- Description of the task: Copy the result of filtering the entries below for lines that include the string "shows".

- Dataset content:
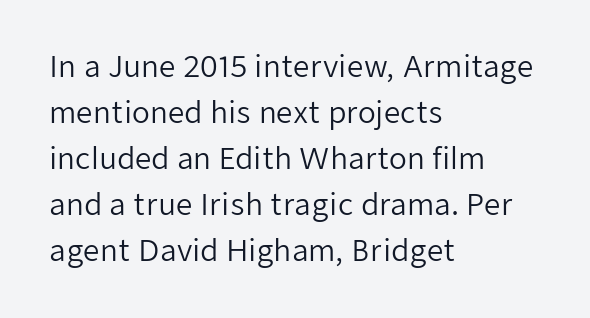
The image shows 29 px regular-weight sans-serif type, upright; set left-aligned, normal line spacing (1.59x), normal letter spacing, not underlined; low stroke contrast and a medium x-height.
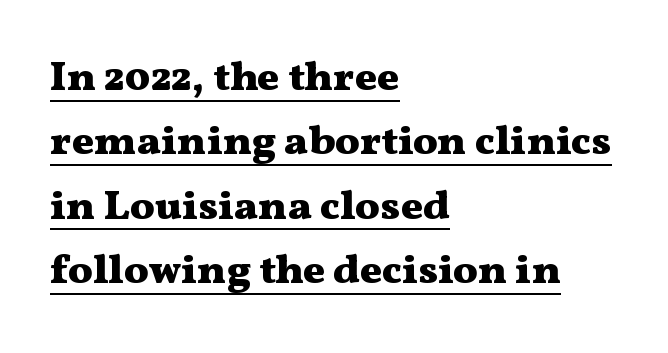
The image shows 41 px heavy, wide serif type, upright; set left-aligned, normal line spacing (1.57x), normal letter spacing, underlined; medium stroke contrast and a medium x-height.
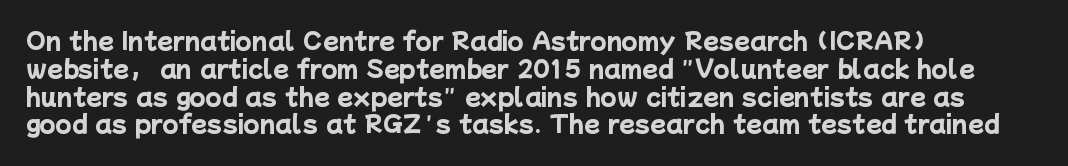
{"bold": "yes", "underline": "no", "align": "left", "line_spacing_ratio": 1.21, "letter_spacing": "normal", "letter_spacing_em": 0.0, "glyph_px": 23}
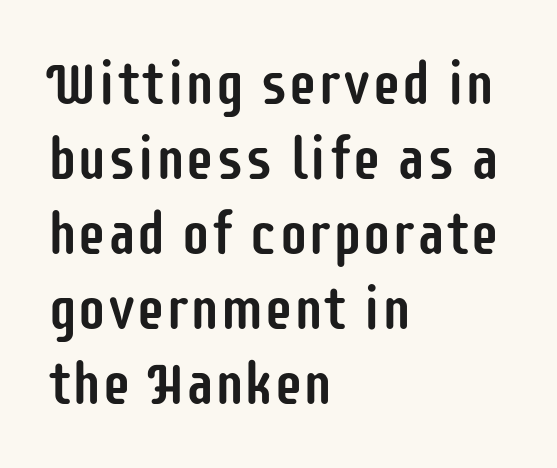
Q: Is the text italic (slanted)? A: No, it is upright.
Q: Is the typeface a serif or a sans-serif typeface? A: Sans-serif.
Q: Is the text underlined? A: No.
Q: How is the paragraph aligned? A: Left-aligned.
Q: Is the spacing between letters normal or unusually wide? A: Normal.
Q: Is the spacing between lines tight, normal or loose? A: Normal.
Q: Width (condensed, normal, or wide)? A: Condensed.
Q: Stroke contrast? A: Low.
Q: x-height? A: Large.
Q: Monospaced? A: No.
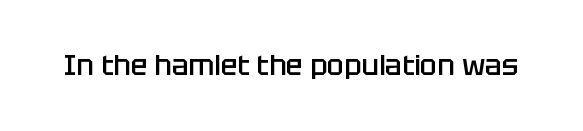
{"serif": "no", "italic": "no", "bold": "semi", "weight": "semibold", "width": "normal", "stroke_contrast": "low", "x_height": "large", "monospaced": "no", "underline": "no", "letter_spacing": "normal", "letter_spacing_em": 0.0, "glyph_px": 28}
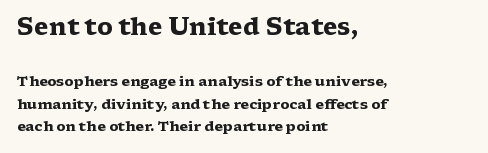
Q: Is the text bold? A: Yes.
Q: Is the text italic (slanted)? A: No, it is upright.
Q: Is the text underlined? A: No.
Q: How is the paragraph aligned? A: Left-aligned.
Q: Is the spacing between letters normal or unusually wide? A: Normal.
Q: Is the spacing between lines tight, normal or loose? A: Normal.
Q: Which block of text is set in a larger size, the first (top) or the second (bottom)? A: The first (top) one.
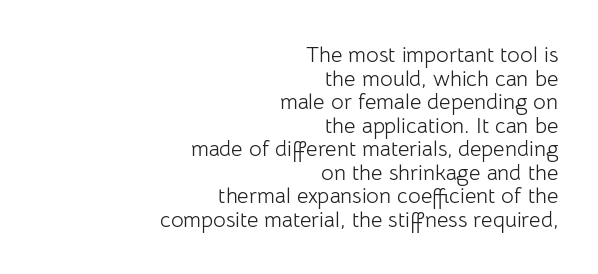
The image shows 22 px text type, upright; set right-aligned, tight line spacing (1.07x), normal letter spacing, not underlined.
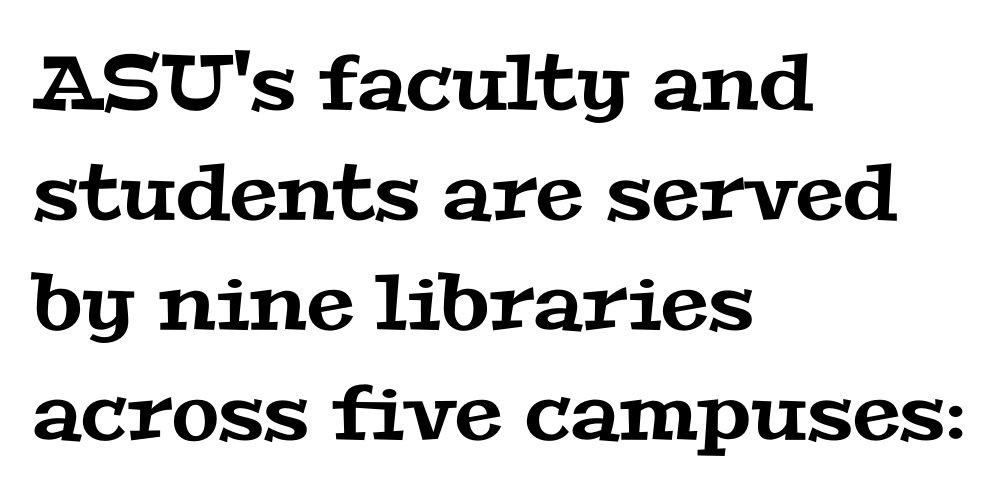
The image shows 77 px wide serif type; set left-aligned, normal line spacing (1.43x), normal letter spacing, not underlined; medium stroke contrast and a medium x-height.
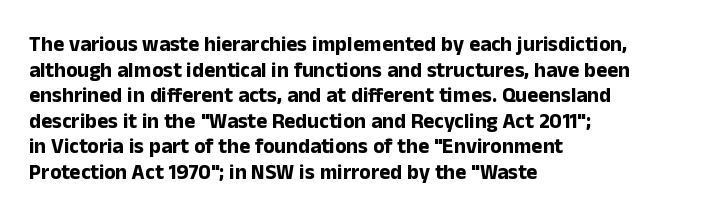
The image shows 21 px bold type, upright; set left-aligned, line spacing 1.22x, normal letter spacing, not underlined.
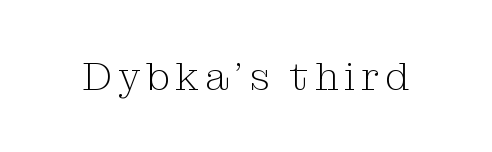
The image shows 40 px light serif type, upright; set not underlined; medium stroke contrast and a medium x-height.
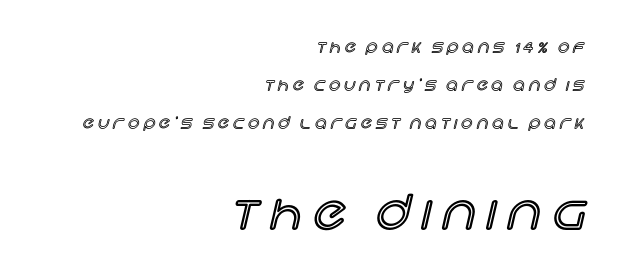
{"width": "normal", "x_height": "large", "monospaced": "no", "underline": "no", "align": "right", "line_spacing": "loose", "line_spacing_ratio": 2.39, "letter_spacing": "wide", "letter_spacing_em": 0.25, "larger_block": "second", "size_ratio": 2.94, "glyph_px": 47}
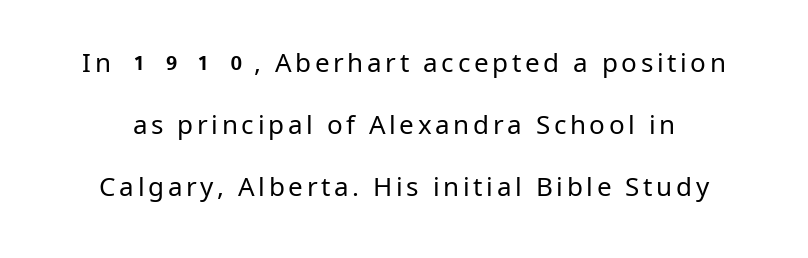
Q: Is the text bold? A: No.
Q: Is the text italic (slanted)? A: No, it is upright.
Q: Is the text underlined? A: No.
Q: How is the paragraph aligned? A: Centered.
Q: Is the spacing between lines tight, normal or loose? A: Loose.
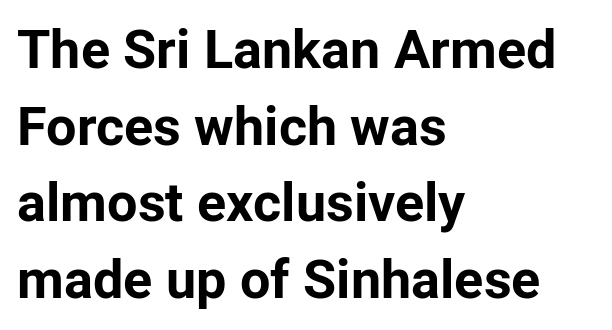
Q: Is the text bold? A: Yes.
Q: Is the text italic (slanted)? A: No, it is upright.
Q: Is the typeface a serif or a sans-serif typeface? A: Sans-serif.
Q: Is the text underlined? A: No.
Q: How is the paragraph aligned? A: Left-aligned.
Q: Is the spacing between letters normal or unusually wide? A: Normal.
Q: Is the spacing between lines tight, normal or loose? A: Normal.
Q: Width (condensed, normal, or wide)? A: Normal.
Q: Stroke contrast? A: Low.
Q: x-height? A: Medium.
Q: Monospaced? A: No.

- Output below:
The image shows 29 px regular-weight sans-serif type, upright; set left-aligned, normal line spacing (1.59x), normal letter spacing, not underlined; low stroke contrast and a medium x-height.
The image shows 41 px heavy, wide serif type, upright; set left-aligned, normal line spacing (1.57x), normal letter spacing, underlined; medium stroke contrast and a medium x-height.
The image shows 22 px text type, upright; set right-aligned, tight line spacing (1.07x), normal letter spacing, not underlined.
The image shows 77 px wide serif type; set left-aligned, normal line spacing (1.43x), normal letter spacing, not underlined; medium stroke contrast and a medium x-height.
The image shows 21 px bold type, upright; set left-aligned, line spacing 1.22x, normal letter spacing, not underlined.
The image shows 40 px light serif type, upright; set not underlined; medium stroke contrast and a medium x-height.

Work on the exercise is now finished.